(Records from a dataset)
=-=-=

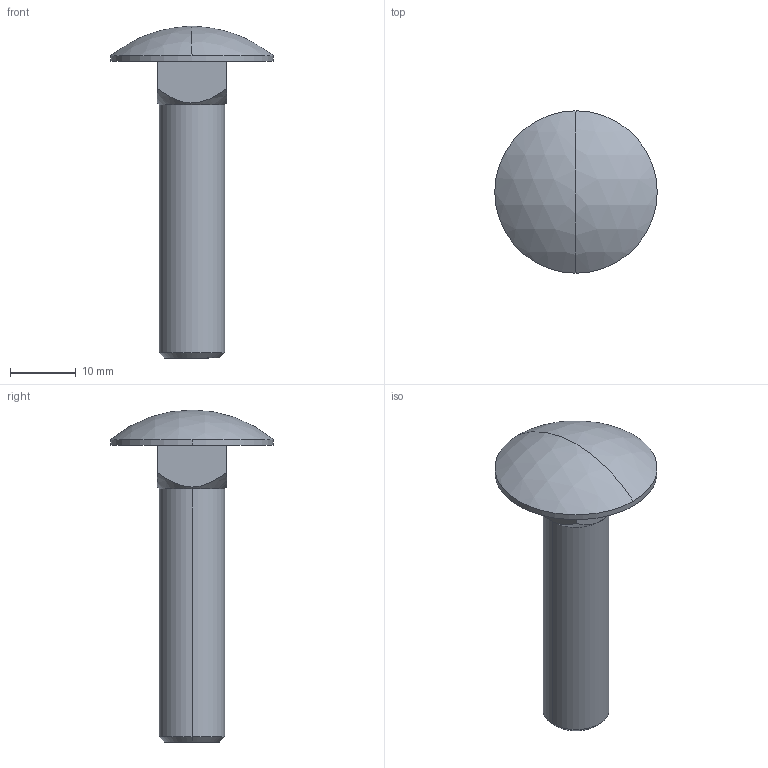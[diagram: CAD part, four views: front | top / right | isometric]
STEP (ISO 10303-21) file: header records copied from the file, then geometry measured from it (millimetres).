
FILE_DESCRIPTION(('STEP AP214'),'1');
FILE_NAME('cctmp_5E36E444-ADAF-401E-ABBC-A5625A05244D_2023_03_29_09_45_22_0933..stp','2023-03-29T07:45:23',('SIEMENS A&D'),('CADClick - www.CADClick.com'),'Spatial InterOp 3D postprocessed',' ','unknown authorization');
FILE_SCHEMA(('AUTOMOTIVE_DESIGN'));
Length unit declared in the file: millimetre
Products named in the file (1): 2023_03_29_09_45_22_0928
Bounding box: 24.65 x 24.65 x 50.38 mm (x, y, z)
Volume: 5266.6 mm3; surface area: 2525.7 mm2
Topology: 1 solids, 1 shells, 16 faces, 44 edges, 31 vertices
Faces by surface type: plane 6, cone 4, cylinder 4, sphere 2
Entity records: 602 total; most frequent: CARTESIAN_POINT 128, ORIENTED_EDGE 88, DIRECTION 78, EDGE_CURVE 44, AXIS2_PLACEMENT_3D 31, VERTEX_POINT 31, STYLED_ITEM 17, PRESENTATION_STYLE_ASSIGNMENT 17
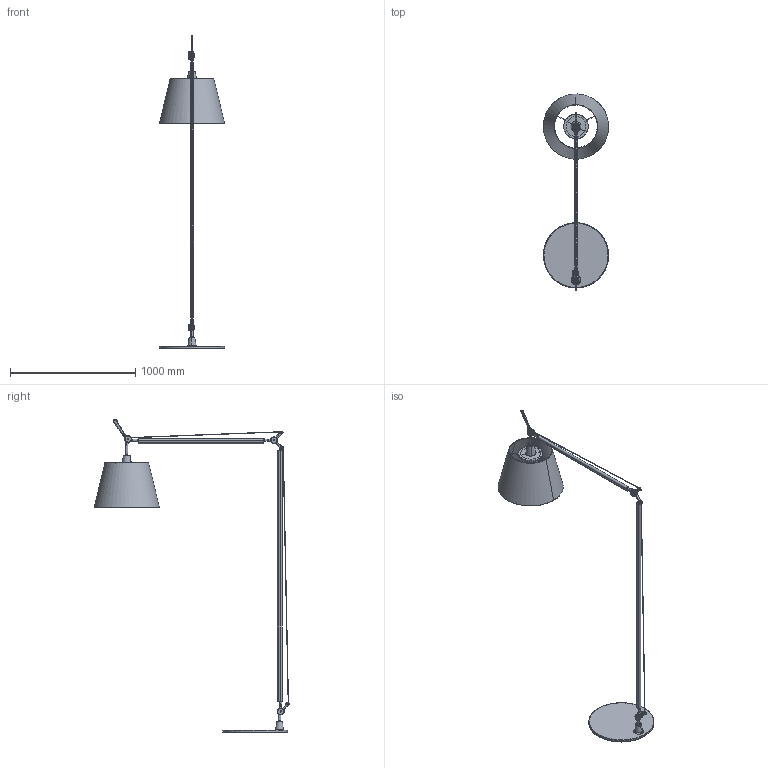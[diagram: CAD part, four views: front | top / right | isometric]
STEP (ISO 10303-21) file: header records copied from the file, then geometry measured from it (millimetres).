
FILE_DESCRIPTION(/* description */ (''),/* implementation_level */ '2;1');
FILE_NAME(/* name */ '3D 0510010_Tolomeo Maxi',/* time_stamp */ '2018-02-23T15:31:39+01:00',/* author */ (''),/* organization */ (''),/* preprocessor_version */ 'ST-DEVELOPER v10',/* originating_system */ '',/* authorisation */ '');
FILE_SCHEMA (('AUTOMOTIVE_DESIGN'));
Length unit declared in the file: millimetre
Products named in the file (1): 1
Bounding box: 519.71 x 1560.59 x 2501.8 mm (x, y, z)
Volume: 2821319.8 mm3; surface area: 2101828.2 mm2
Topology: 9 solids, 33 shells, 1330 faces, 3399 edges, 2053 vertices
Faces by surface type: bspline 1145, plane 185
Entity records: 58921 total; most frequent: CARTESIAN_POINT 40173, ORIENTED_EDGE 6480, EDGE_CURVE 3330, VERTEX_POINT 2042, B_SPLINE_CURVE_WITH_KNOTS 1791, EDGE_LOOP 1382, ADVANCED_FACE 1330, FACE_OUTER_BOUND 1330

=-=-=

## WHAT YOU ARE ASKED TO DO
Reproduce the lines above exactly, please, but not the pictures in them.

## SOLVED PROBLEM
[diagram: CAD part, four views: front | top / right | isometric]
STEP (ISO 10303-21) file: header records copied from the file, then geometry measured from it (millimetres).
FILE_DESCRIPTION(('STEP AP214'),'1');
FILE_NAME('cctmp_5E36E444-ADAF-401E-ABBC-A5625A05244D_2023_03_29_09_45_22_0933..stp','2023-03-29T07:45:23',('SIEMENS A&D'),('CADClick - www.CADClick.com'),'Spatial InterOp 3D postprocessed',' ','unknown authorization');
FILE_SCHEMA(('AUTOMOTIVE_DESIGN'));
Length unit declared in the file: millimetre
Products named in the file (1): 2023_03_29_09_45_22_0928
Bounding box: 24.65 x 24.65 x 50.38 mm (x, y, z)
Volume: 5266.6 mm3; surface area: 2525.7 mm2
Topology: 1 solids, 1 shells, 16 faces, 44 edges, 31 vertices
Faces by surface type: plane 6, cone 4, cylinder 4, sphere 2
Entity records: 602 total; most frequent: CARTESIAN_POINT 128, ORIENTED_EDGE 88, DIRECTION 78, EDGE_CURVE 44, AXIS2_PLACEMENT_3D 31, VERTEX_POINT 31, STYLED_ITEM 17, PRESENTATION_STYLE_ASSIGNMENT 17
[diagram: CAD part, four views: front | top / right | isometric]
STEP (ISO 10303-21) file: header records copied from the file, then geometry measured from it (millimetres).
FILE_DESCRIPTION(/* description */ (''),/* implementation_level */ '2;1');
FILE_NAME(/* name */ '3D 0510010_Tolomeo Maxi',/* time_stamp */ '2018-02-23T15:31:39+01:00',/* author */ (''),/* organization */ (''),/* preprocessor_version */ 'ST-DEVELOPER v10',/* originating_system */ '',/* authorisation */ '');
FILE_SCHEMA (('AUTOMOTIVE_DESIGN'));
Length unit declared in the file: millimetre
Products named in the file (1): 1
Bounding box: 519.71 x 1560.59 x 2501.8 mm (x, y, z)
Volume: 2821319.8 mm3; surface area: 2101828.2 mm2
Topology: 9 solids, 33 shells, 1330 faces, 3399 edges, 2053 vertices
Faces by surface type: bspline 1145, plane 185
Entity records: 58921 total; most frequent: CARTESIAN_POINT 40173, ORIENTED_EDGE 6480, EDGE_CURVE 3330, VERTEX_POINT 2042, B_SPLINE_CURVE_WITH_KNOTS 1791, EDGE_LOOP 1382, ADVANCED_FACE 1330, FACE_OUTER_BOUND 1330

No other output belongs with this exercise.